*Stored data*
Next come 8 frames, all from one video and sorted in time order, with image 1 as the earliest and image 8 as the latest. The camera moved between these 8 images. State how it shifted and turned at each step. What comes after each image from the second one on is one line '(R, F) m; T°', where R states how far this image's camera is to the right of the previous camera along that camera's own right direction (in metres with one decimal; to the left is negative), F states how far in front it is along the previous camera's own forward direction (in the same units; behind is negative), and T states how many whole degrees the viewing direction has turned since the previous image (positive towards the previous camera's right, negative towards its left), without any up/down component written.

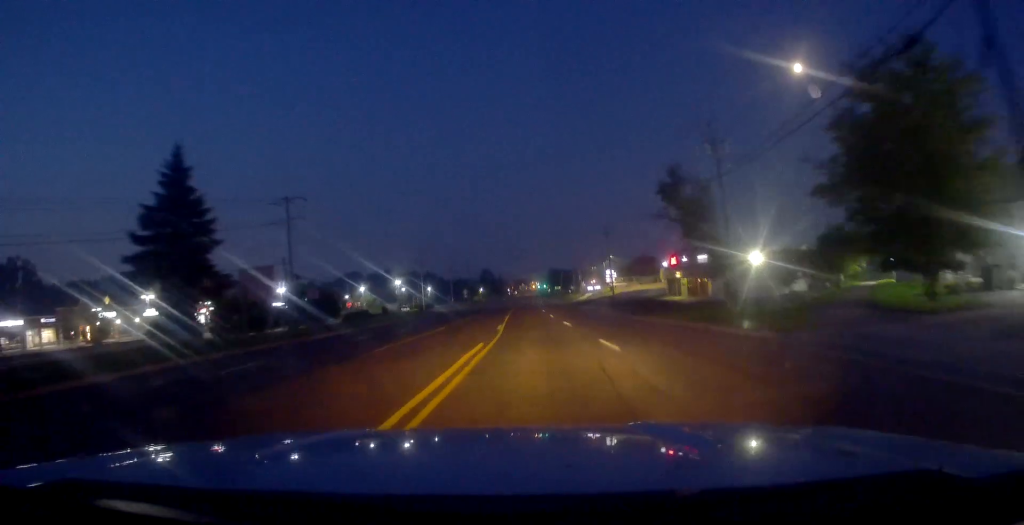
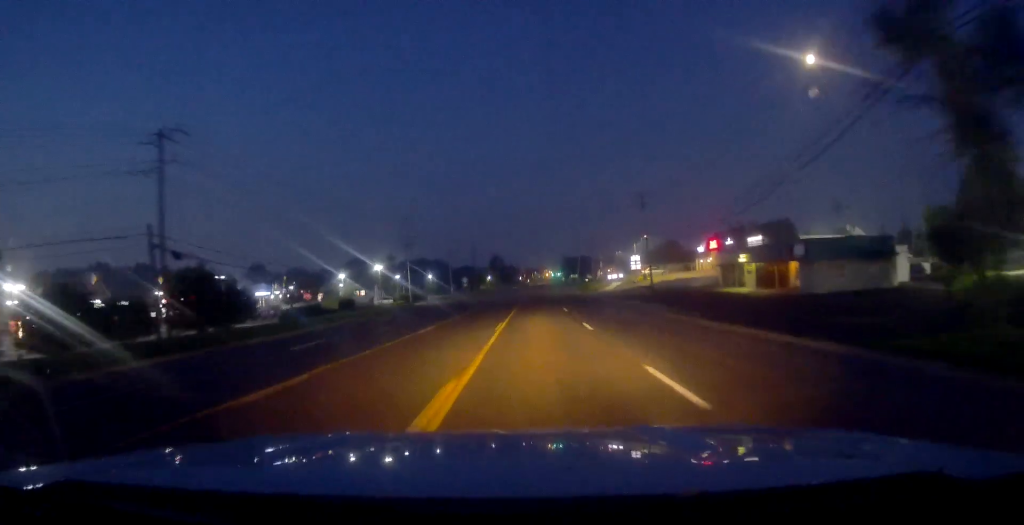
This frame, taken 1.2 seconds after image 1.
(-0.3, +23.6) m; 0°
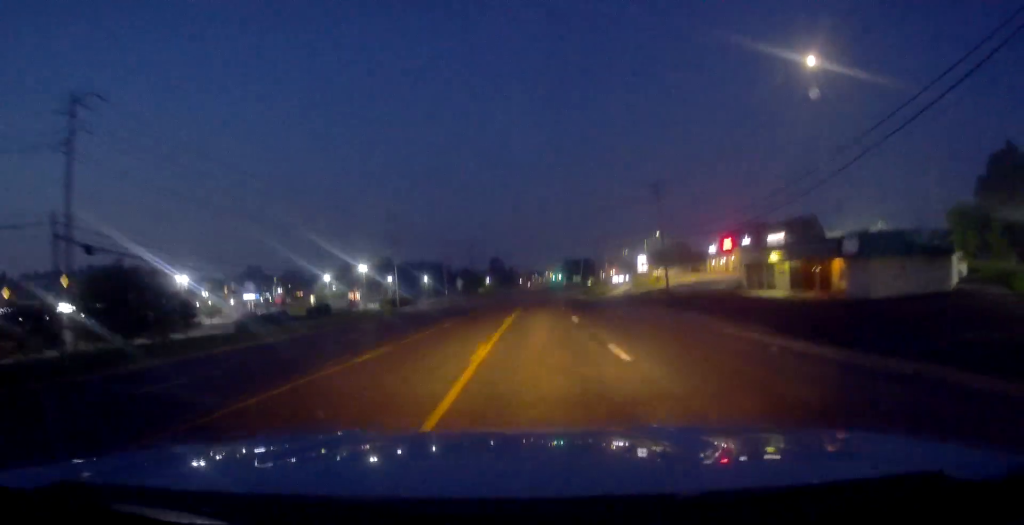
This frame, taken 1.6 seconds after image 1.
(-0.1, +8.8) m; +1°
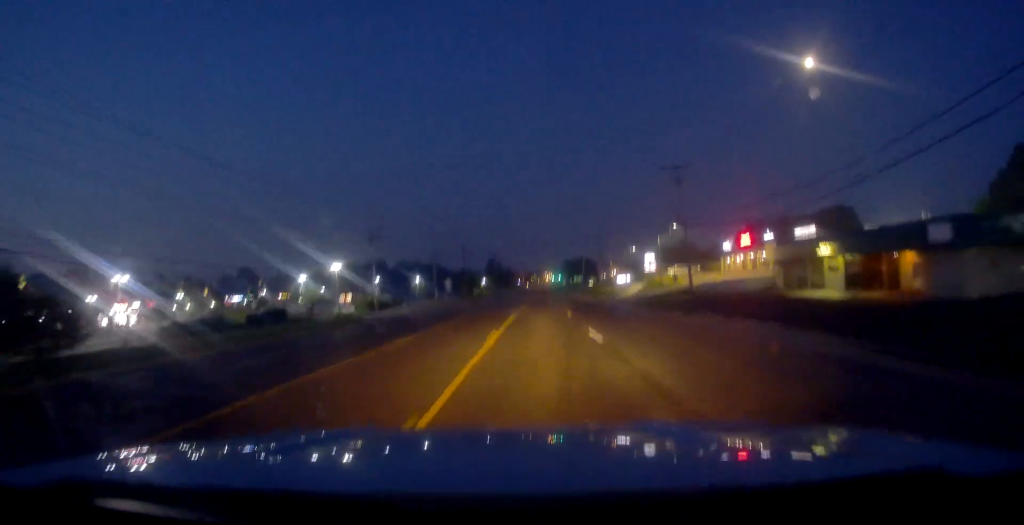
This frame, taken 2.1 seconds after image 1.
(+0.2, +10.9) m; +1°
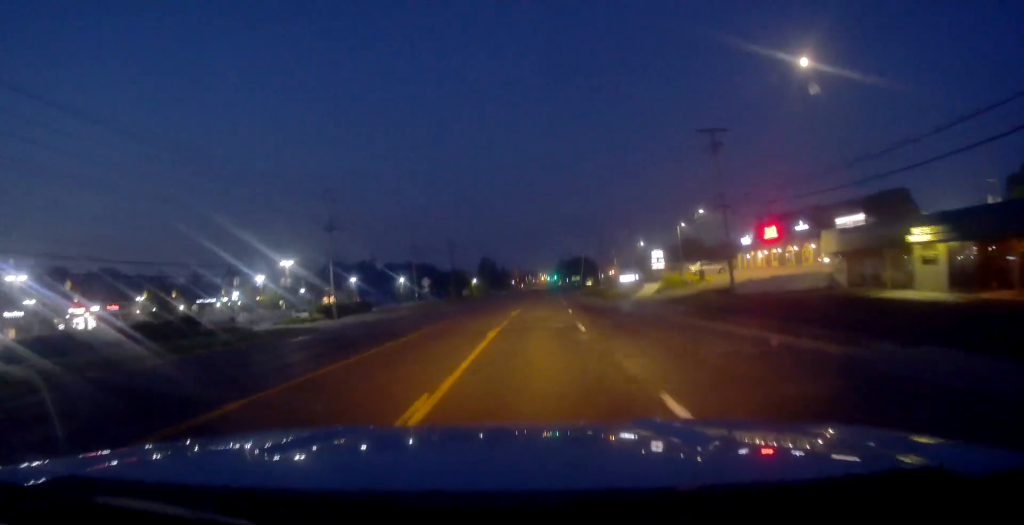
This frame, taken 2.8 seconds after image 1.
(+0.1, +13.7) m; +1°
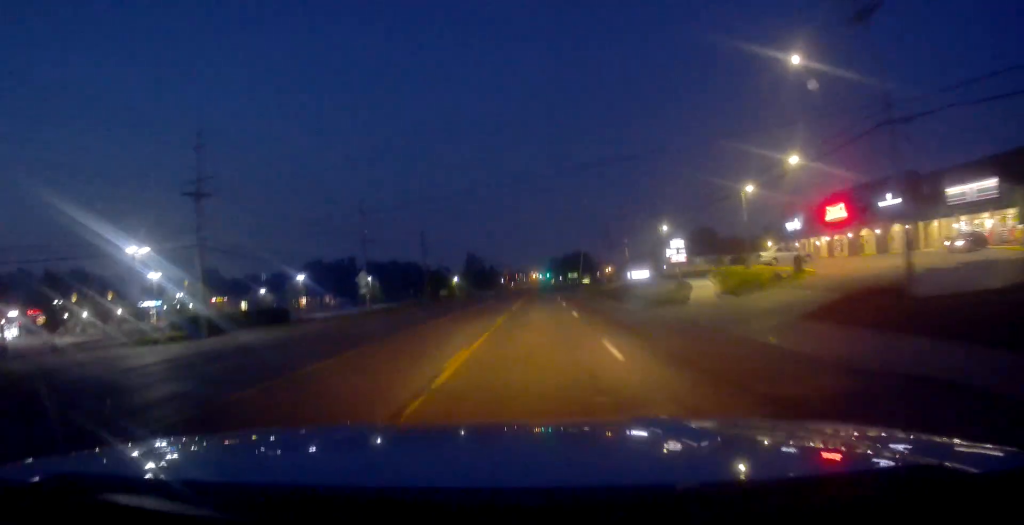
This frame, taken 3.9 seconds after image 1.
(+0.1, +23.2) m; -1°
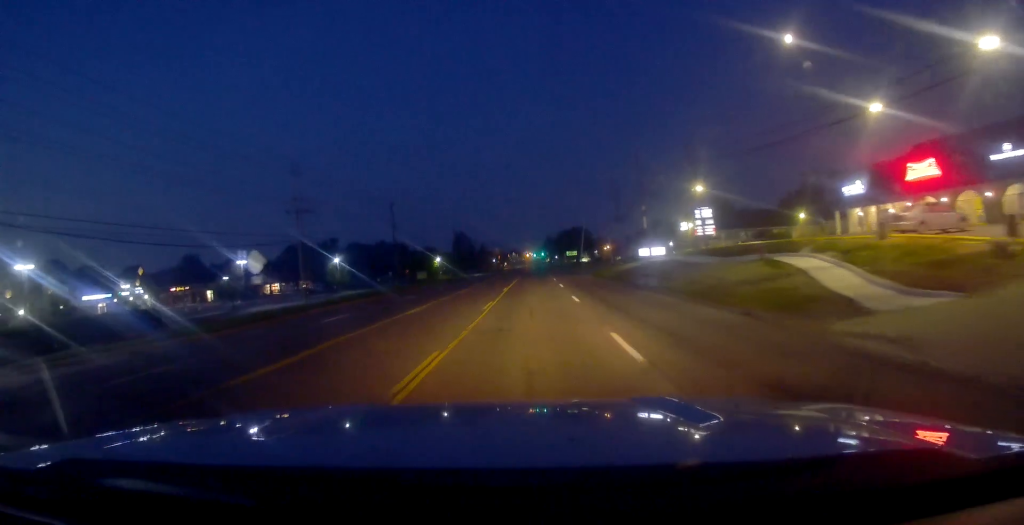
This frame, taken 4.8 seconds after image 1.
(-0.5, +18.5) m; 0°
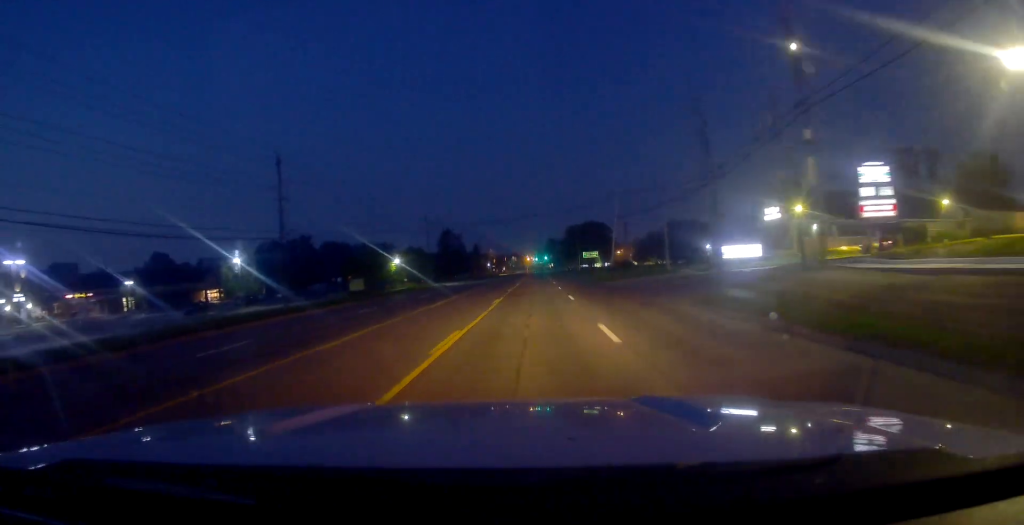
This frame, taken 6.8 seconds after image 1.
(+0.7, +41.2) m; +1°

*TASK OBJECTIVE*
From the line containing "This frame, taken 2.8 seconds after image 1." through the last line of the entries, copy each line exactly and only those, skipping all pictures.

*PROBLEM SOLUTION*
This frame, taken 2.8 seconds after image 1.
(+0.1, +13.7) m; +1°
This frame, taken 3.9 seconds after image 1.
(+0.1, +23.2) m; -1°
This frame, taken 4.8 seconds after image 1.
(-0.5, +18.5) m; 0°
This frame, taken 6.8 seconds after image 1.
(+0.7, +41.2) m; +1°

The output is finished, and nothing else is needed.